Start of Task data

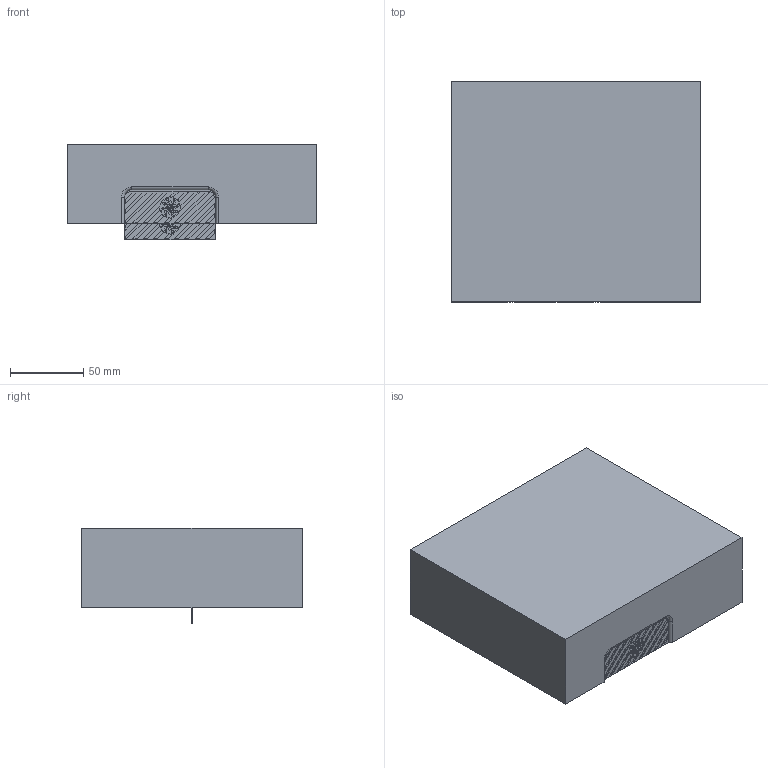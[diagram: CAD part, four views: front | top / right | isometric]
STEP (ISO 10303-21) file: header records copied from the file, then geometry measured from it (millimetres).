
FILE_DESCRIPTION( ( 'Unknown' ), '1' );
FILE_NAME( 'ALV-1040-55WH.stp', 'Unknown', ( 'S.C.H' ), ( 'Unknown' ), 'XStep 1.0', 'Unknown', ' ' );
FILE_SCHEMA( ( 'CONFIG_CONTROL_DESIGN' ) );
Length unit declared in the file: millimetre
Products named in the file (3): Assem1; 1; 2
Bounding box: 170 x 150 x 65 mm (x, y, z)
Surface area: 181012.5 mm2
Topology: 5 solids, 5 shells, 614 faces, 1526 edges, 1012 vertices
Faces by surface type: plane 424, cylinder 182, torus 8
Entity records: 6488 total; most frequent: CARTESIAN_POINT 1102, DIRECTION 1100, ORIENTED_EDGE 1064, EDGE_CURVE 532, LINE 400, VECTOR 400, VERTEX_POINT 352, AXIS2_PLACEMENT_3D 350

End of Task data

Your objective: Once the pictures are removed, output the remaining material exactly.

Answer space:
[diagram: CAD part, four views: front | top / right | isometric]
STEP (ISO 10303-21) file: header records copied from the file, then geometry measured from it (millimetres).
FILE_DESCRIPTION( ( 'Unknown' ), '1' );
FILE_NAME( 'ALV-1040-55WH.stp', 'Unknown', ( 'S.C.H' ), ( 'Unknown' ), 'XStep 1.0', 'Unknown', ' ' );
FILE_SCHEMA( ( 'CONFIG_CONTROL_DESIGN' ) );
Length unit declared in the file: millimetre
Products named in the file (3): Assem1; 1; 2
Bounding box: 170 x 150 x 65 mm (x, y, z)
Surface area: 181012.5 mm2
Topology: 5 solids, 5 shells, 614 faces, 1526 edges, 1012 vertices
Faces by surface type: plane 424, cylinder 182, torus 8
Entity records: 6488 total; most frequent: CARTESIAN_POINT 1102, DIRECTION 1100, ORIENTED_EDGE 1064, EDGE_CURVE 532, LINE 400, VECTOR 400, VERTEX_POINT 352, AXIS2_PLACEMENT_3D 350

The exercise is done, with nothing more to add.